▸ **EXERCISE PROMPT**: All of the records below must be reproduced exactly, minus any pictures.

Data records
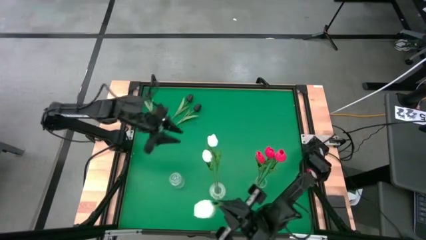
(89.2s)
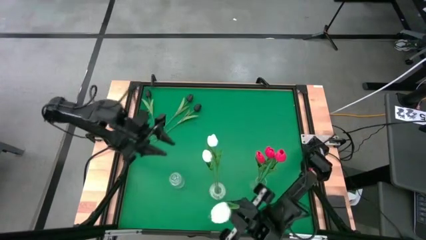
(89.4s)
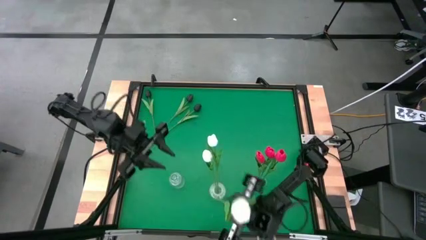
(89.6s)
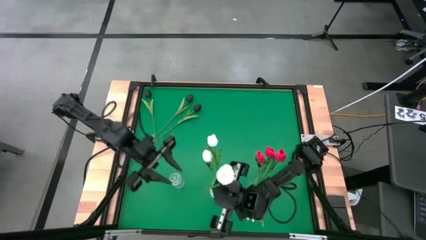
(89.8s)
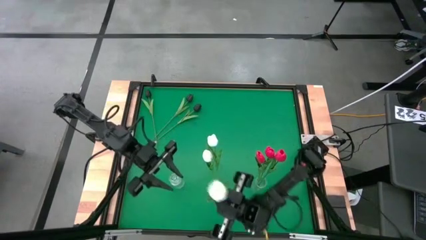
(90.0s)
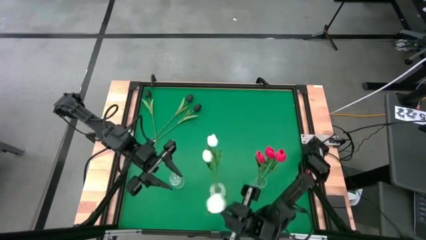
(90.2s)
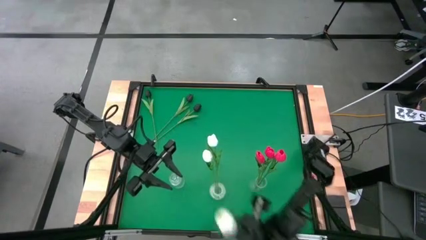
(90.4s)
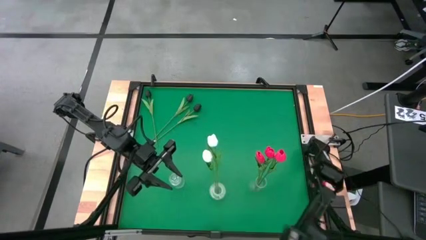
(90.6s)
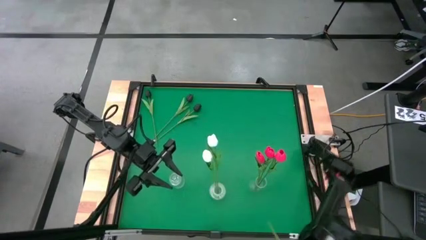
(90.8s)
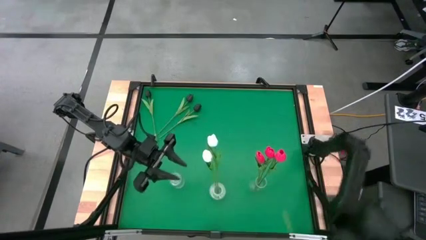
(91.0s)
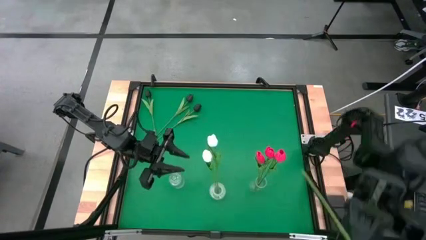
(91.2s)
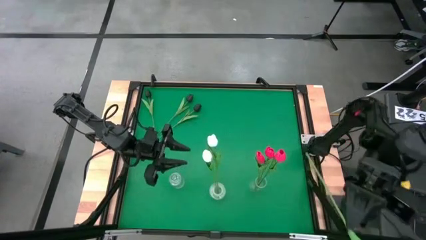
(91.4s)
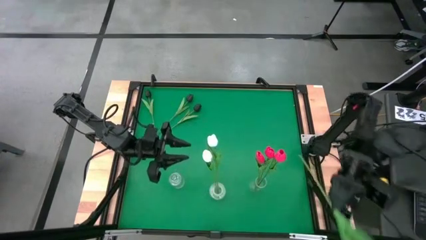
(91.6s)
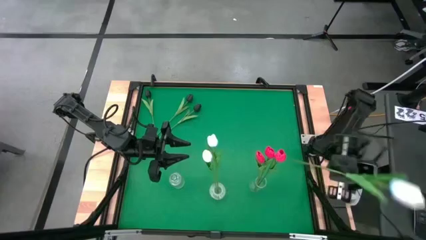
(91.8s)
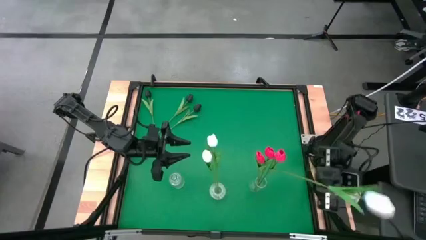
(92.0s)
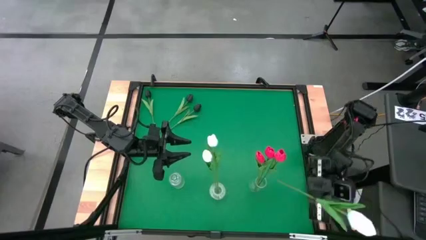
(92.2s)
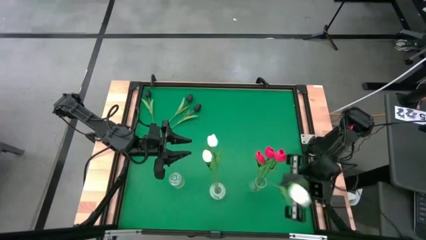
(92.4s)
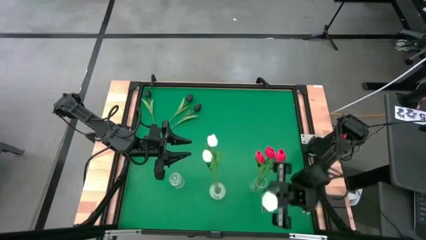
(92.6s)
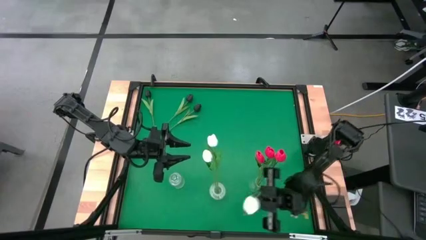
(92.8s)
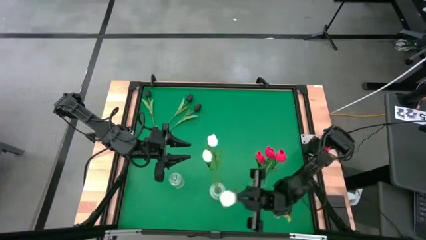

▸ **TASK RESULT**:
(89.2s)
(89.4s)
(89.6s)
(89.8s)
(90.0s)
(90.2s)
(90.4s)
(90.6s)
(90.8s)
(91.0s)
(91.2s)
(91.4s)
(91.6s)
(91.8s)
(92.0s)
(92.2s)
(92.4s)
(92.6s)
(92.8s)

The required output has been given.